(RxWiki News) Rollercoaster emotions and moods can both be problems during a woman's period. Heavy flows can make it worse.
But a recently published study found that a certain kind of birth control inserted into a woman's body could help ease heavy bleeding.
Researchers said the findings showed how this method can help with more than just preventing unwanted pregnancies and normalizing a woman's cycle.
"Talk to your MD about birth control."
The aim of the study, led by Janesh Gupta, MD, professor of obstetrics and gynecology at the University of Birmingham in the UK, was to see how well an intrauterine device (IUD) - commonly known as Mirena - helped women with menorrhagia, or extremely heavy periods that can last longer than normal.
IUDs are T-shaped devices inserted into a woman's uterus to prevent unwanted pregnancies. Some release hormones over time, such as levonorgestrel, found in Mirena.
The study was conducted over a two-year span at the University of Birmingham Clinical Trials Unit and included 571 women across the UK with heavier than normal periods. The women were between 25 and 50 years of age and had had at least three extremely heavy periods in a row.
Women who planned on getting pregnant, bled between periods or were on hormone-replacement therapy were excluded from the study.
Half of the women were assigned to use the hormonal IUD while the rest used some other birth control method, including the birth control pill. The participants were able to choose their treatments within their respective categories after discussing the options with their doctors.
Treatments could be changed as long as they remained in their category during the course of the study.
Researchers measured how heavy periods affected different aspects of the women's lives, including physical health, psychological health, social and family life, and work and daily routines.
They also tracked whether patients needed surgery in addition to their method of birth control to treat symptoms and how each patient felt about their sex lives and quality of life in general.
Six months after starting the birth control methods, menstrual symptoms improved in both groups.
The quality of sexual activity and the number of patients needing surgery to treat menorrhagia were both about the same.
"We expected fewer surgical interventions in the levonorgestrel IUD group, but rates were similarly low in the two groups," researchers wrote in their report.
"This finding may reflect the eligibility criteria for the trial, since women who had fibroids or other disorders were excluded."

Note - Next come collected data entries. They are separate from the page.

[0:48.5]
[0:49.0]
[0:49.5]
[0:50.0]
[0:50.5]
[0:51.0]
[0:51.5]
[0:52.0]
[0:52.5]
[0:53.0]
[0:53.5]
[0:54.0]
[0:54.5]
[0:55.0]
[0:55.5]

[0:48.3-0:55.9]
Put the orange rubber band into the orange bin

The IUD group continued to have significantly better long-term results over the course of the study compared to those using other methods. The quality of life among those who had surgery remained the same.

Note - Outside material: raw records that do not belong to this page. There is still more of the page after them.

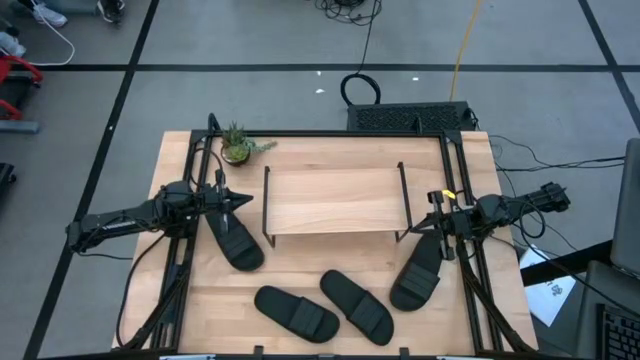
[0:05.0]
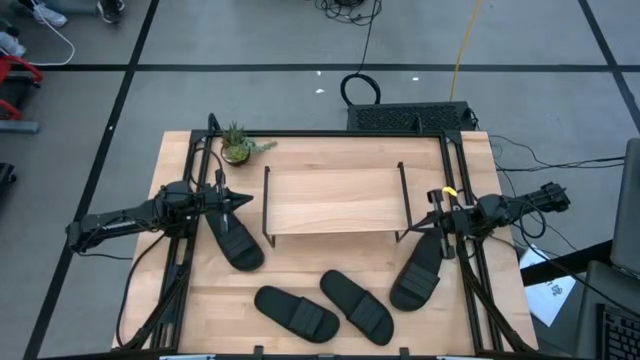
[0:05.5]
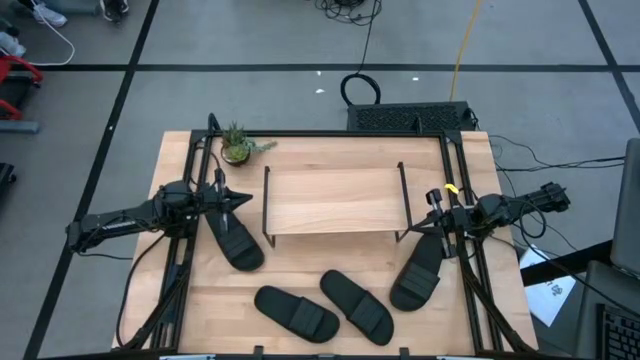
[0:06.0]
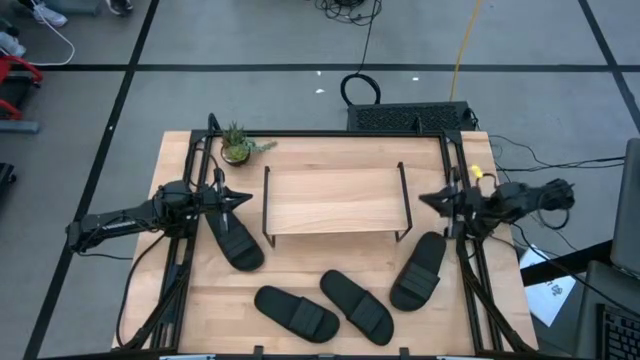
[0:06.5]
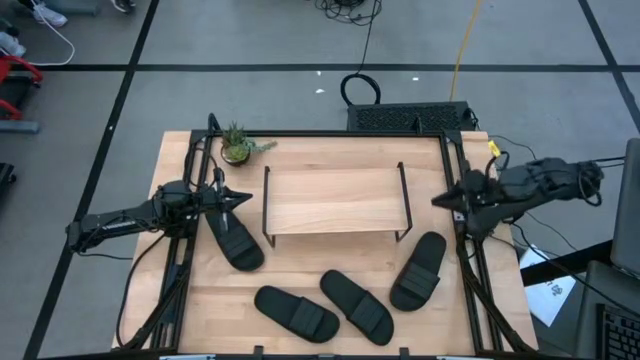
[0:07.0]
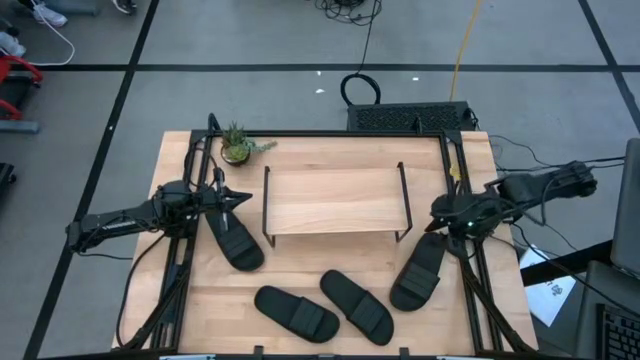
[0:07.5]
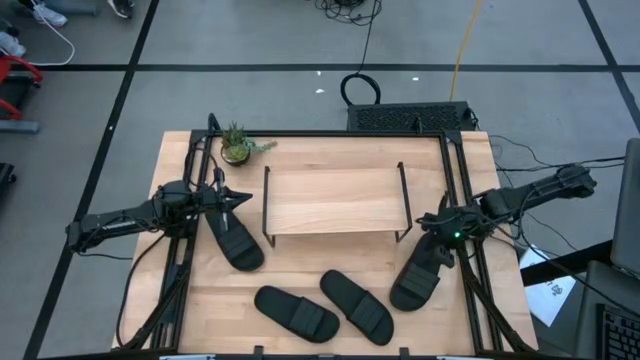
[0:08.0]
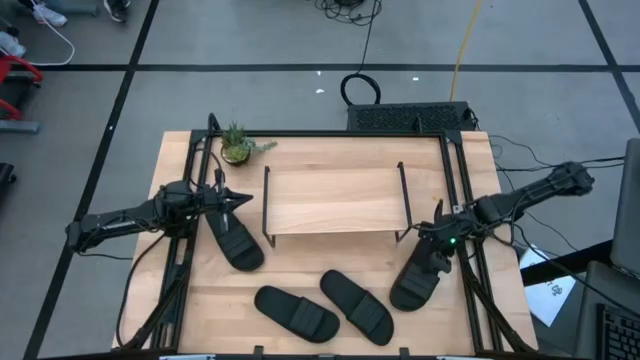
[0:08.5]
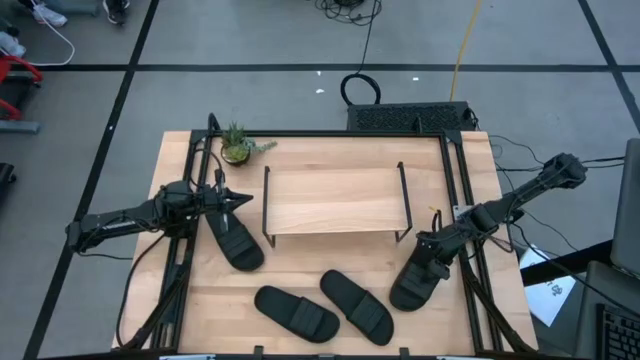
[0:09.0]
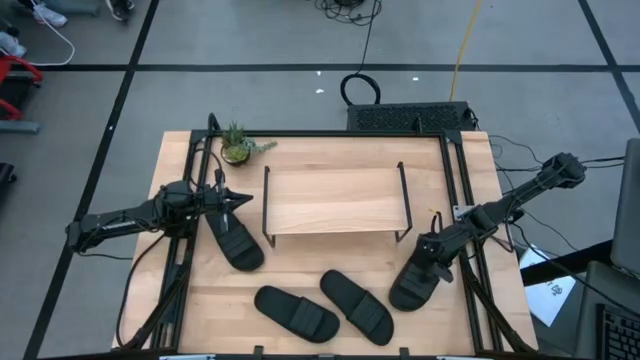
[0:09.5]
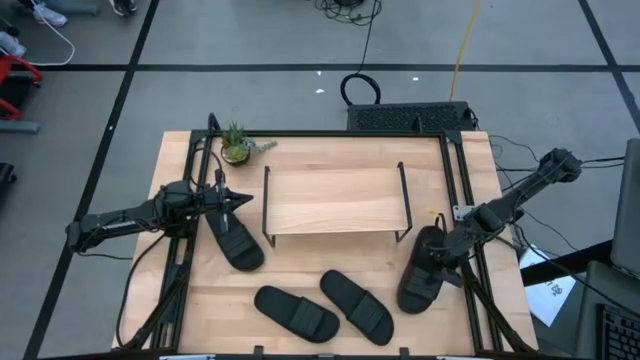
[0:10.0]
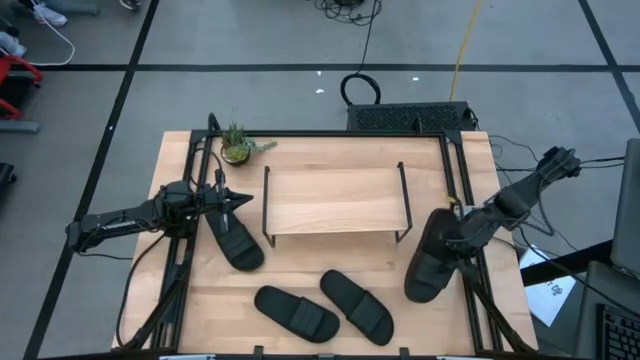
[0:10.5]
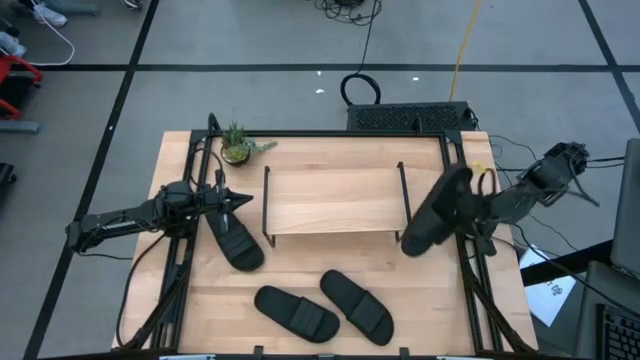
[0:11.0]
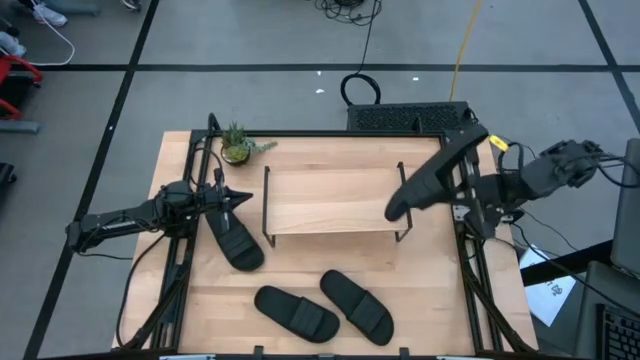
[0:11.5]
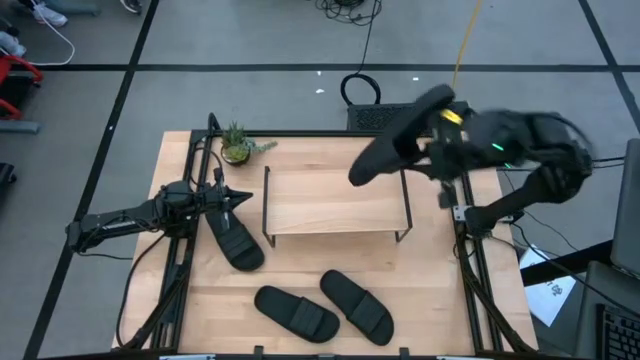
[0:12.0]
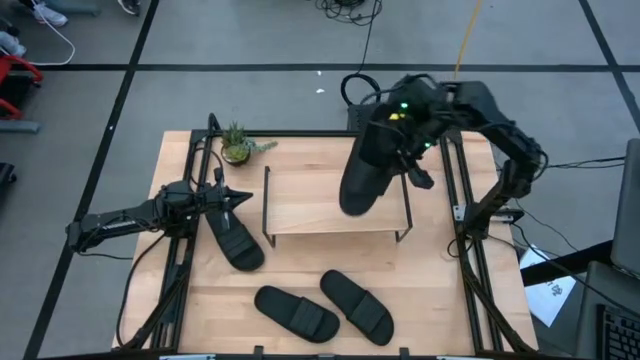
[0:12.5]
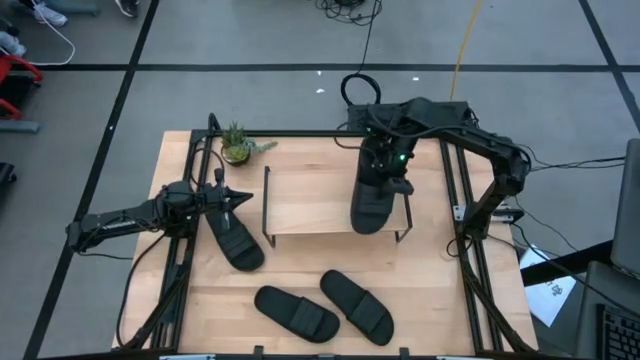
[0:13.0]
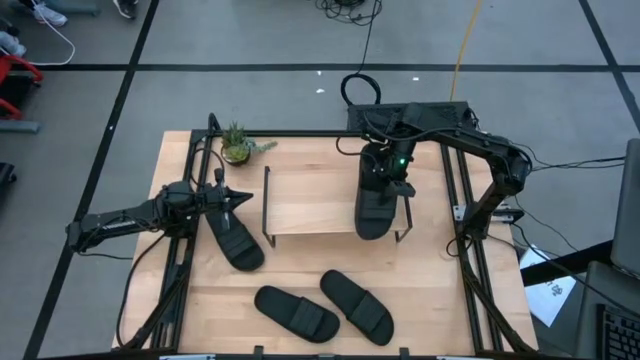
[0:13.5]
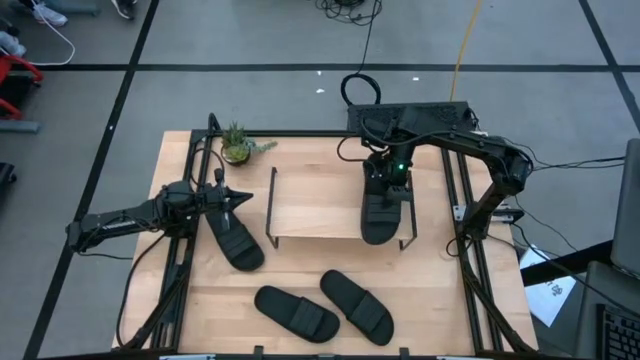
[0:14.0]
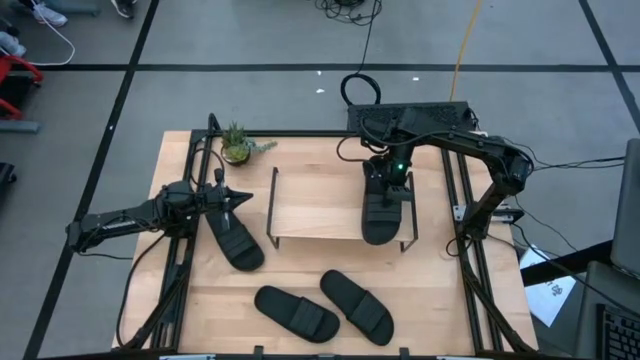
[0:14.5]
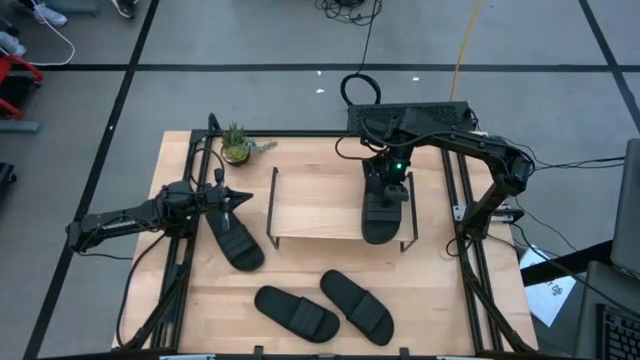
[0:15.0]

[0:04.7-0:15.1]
Task: Pick and place slides into the shelf
Put the black slipper on the shelf

In addition, women using IUDs reported better social, family and work lives compared to the other group. They also had greater psychological well-being and physical health.
Sixty-four percent of women assigned to the hormonal IUD were still using it by the two-year mark compared to 38 percent who used traditional methods.
"While the interventions studied in this trial represent options available in primary care settings in the UK, insertion of IUDs is not part of primary care in all healthcare settings, and in some circumstances requires gynecologist consultation," Dr. Gupta said in a press release.
"This trial should encourage the use of IUDs in primary care."
A number of patients changed treatments during the study, researchers noted, which may have underestimated results.
The study, funded by the National Institute for Health Research Technology Assessment Program, was published January 10 in the New England Journal of Medicine.
One of the authors received payments, royalties and lecture fees from various companies, including Hodder Arnold Publishing, Ethicon Gynecare, FemcareNikomed, United Kingdom National Health Service and Lincolnshire Police Force.